Network analysis is an especially useful tool for exploring complex interrelationships among numerous mineral species [40]. The use of network graphs to elucidate connections in the contexts of social groups [51][52][53][54], technological networks [55][56][57][58], and biological systems [59][60][61][62] are well known. Each network consists of vertices (or nodes), some of which are connected to each other by edges (or links). Distances between nodes, and hence the length of links, are determined by the degree of association of the two nodes; shortest distances represent the strongest links. Vertices and edges can be sized, shaped, and colored to indicate additional attributes of the system.

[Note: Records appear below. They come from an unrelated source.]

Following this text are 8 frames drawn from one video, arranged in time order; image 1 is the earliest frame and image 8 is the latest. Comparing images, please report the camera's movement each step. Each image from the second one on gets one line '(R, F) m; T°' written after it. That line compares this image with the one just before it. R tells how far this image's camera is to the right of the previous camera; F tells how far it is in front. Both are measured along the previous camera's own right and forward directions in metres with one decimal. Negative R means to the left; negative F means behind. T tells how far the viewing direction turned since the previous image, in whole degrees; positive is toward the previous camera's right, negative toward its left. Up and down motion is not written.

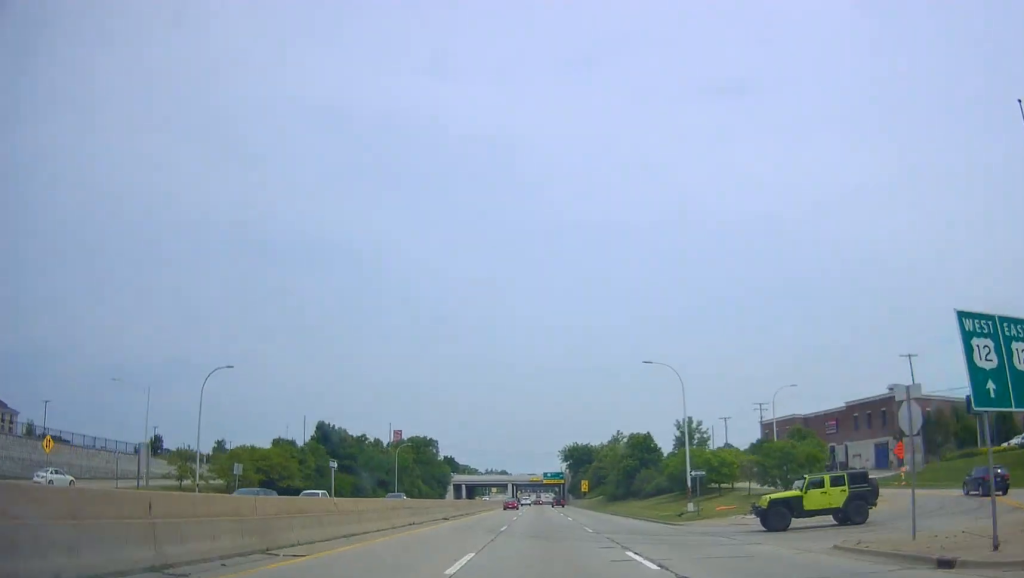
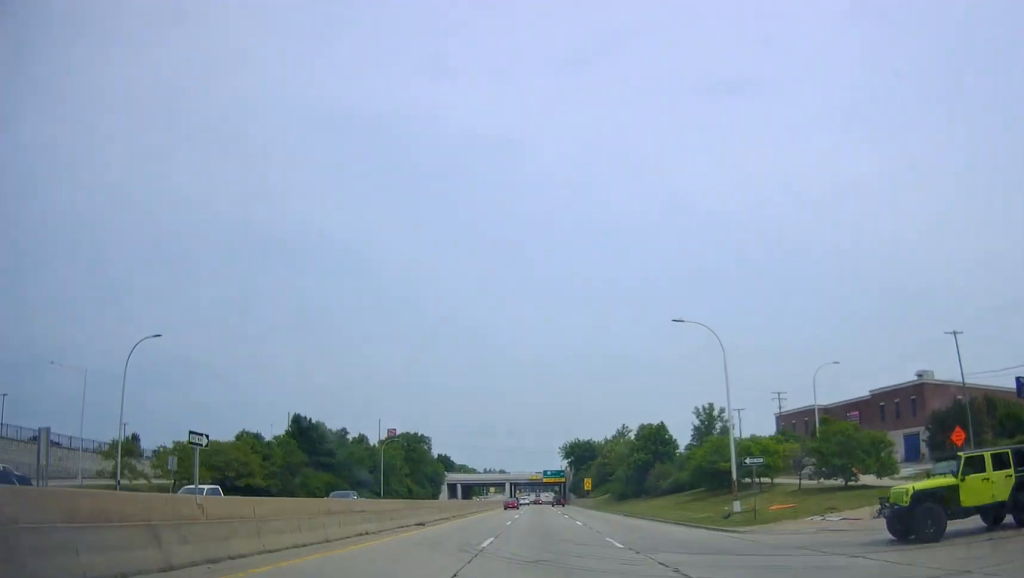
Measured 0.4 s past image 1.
(+0.5, +9.4) m; 0°
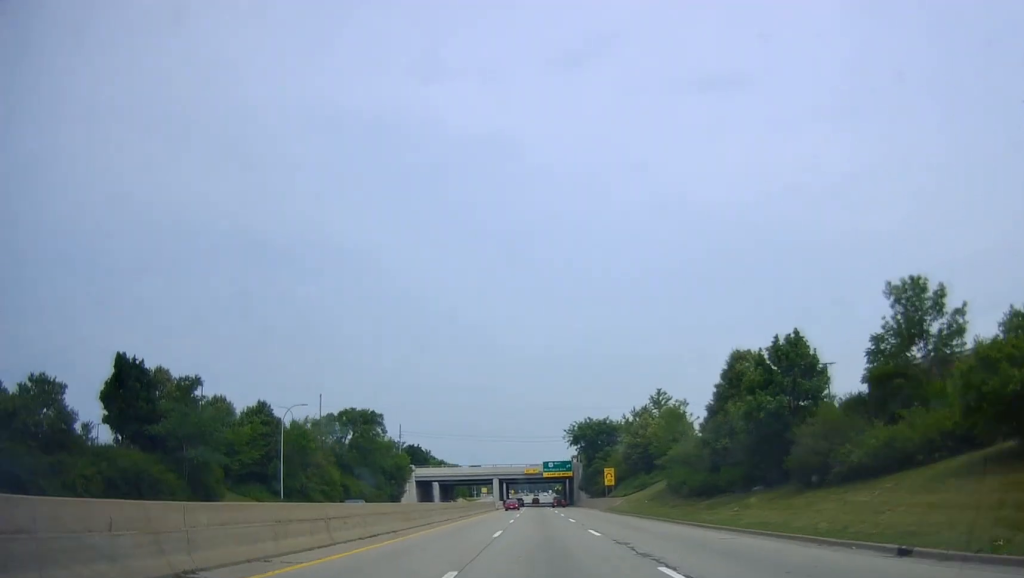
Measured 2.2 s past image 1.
(-1.6, +37.9) m; -2°
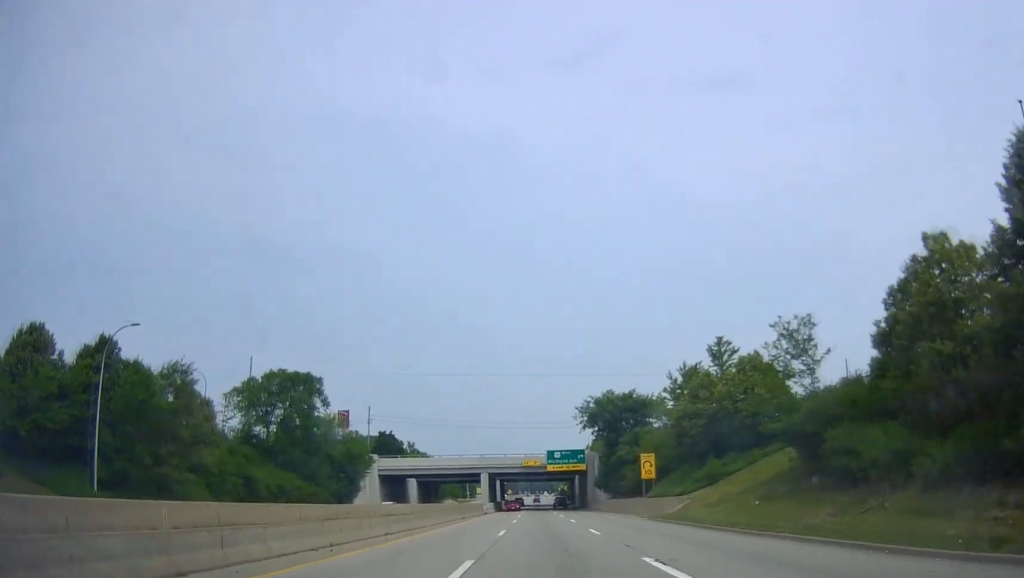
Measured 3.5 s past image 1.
(+0.2, +28.0) m; 0°
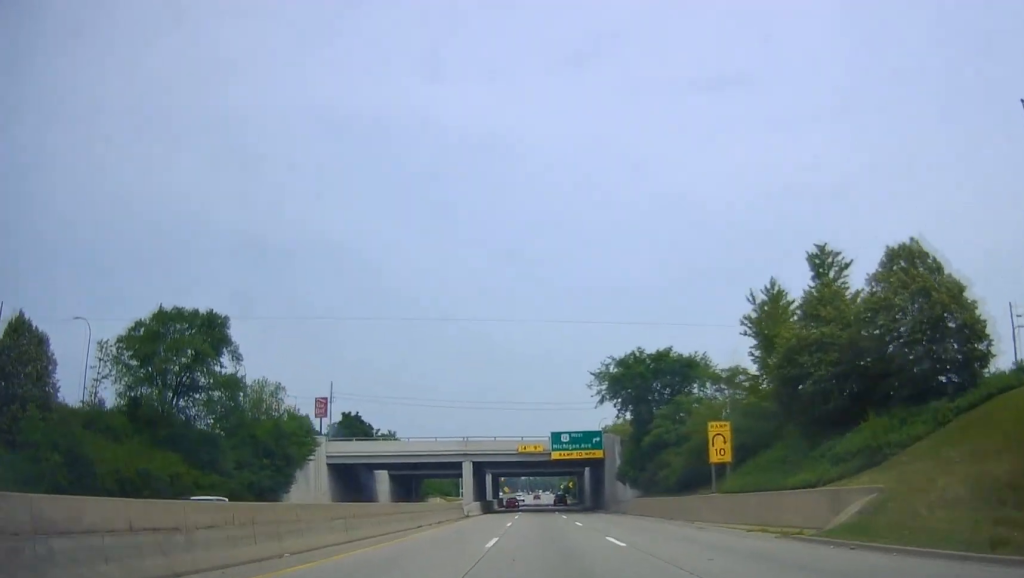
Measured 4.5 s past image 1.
(0.0, +22.1) m; -1°
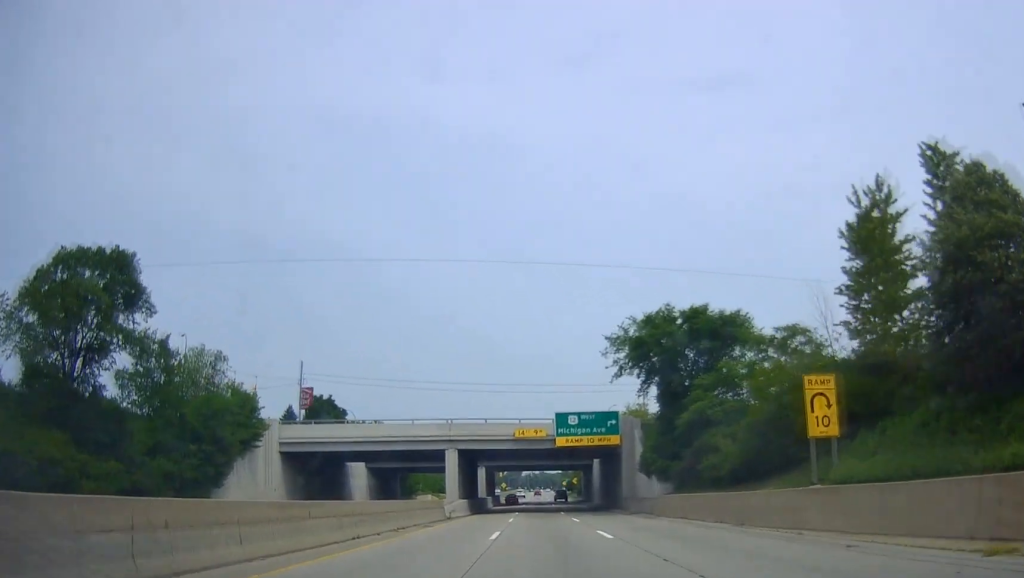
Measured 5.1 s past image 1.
(-0.3, +12.9) m; 0°
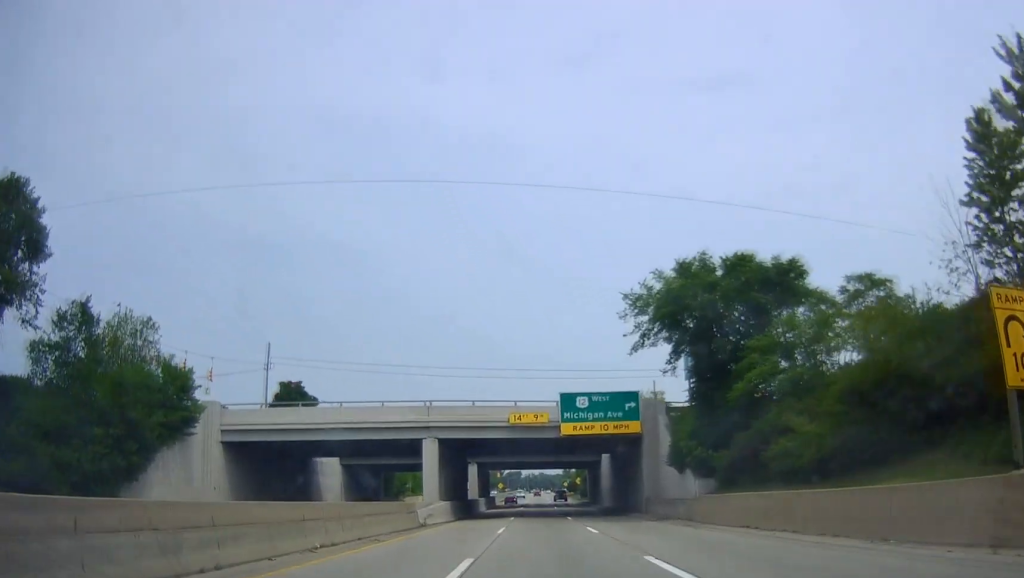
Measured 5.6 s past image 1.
(-0.1, +10.7) m; 0°
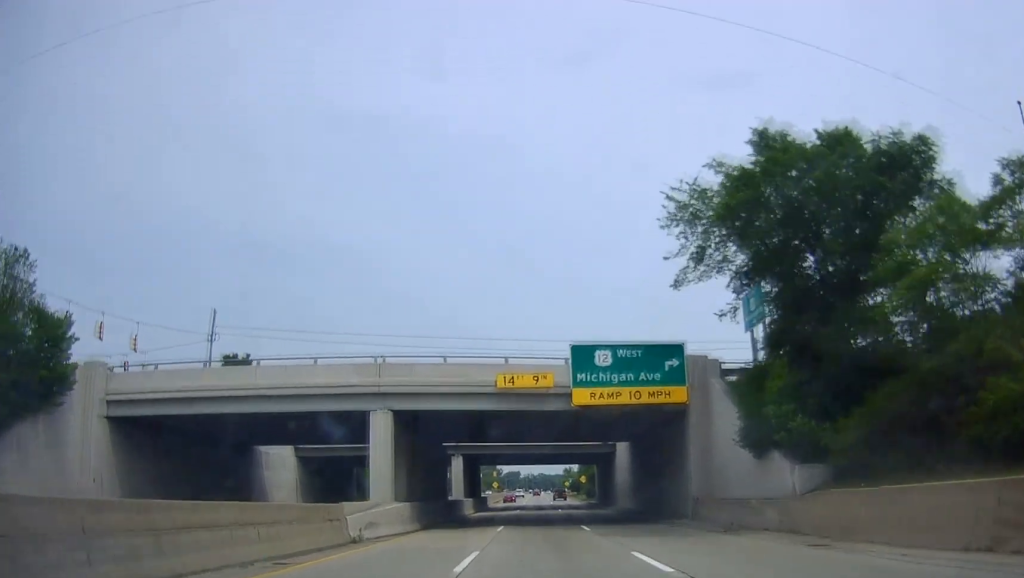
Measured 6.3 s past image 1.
(+0.2, +13.7) m; +1°

Networks of coexisting minerals provide vivid examples of network graphs. In Fig. 9 [40], individual nodes represent mineral species. The nodes are sized to represent the relative number of localities of each species, while node colors can represent compositional, structural, paragenetic, or other information. These highly interactive visual displays represent projections from multidimensional space into two- or three-dimensional space, in order to show the connections from each mineral node to all other co-occurring mineral nodes. In general, for a well-connected network of N different mineral species, the rendering is a projection from N – 1 dimensions. In many instances, a three-dimensional rendering provides important additional information, even though the projection may be from much higher dimensions.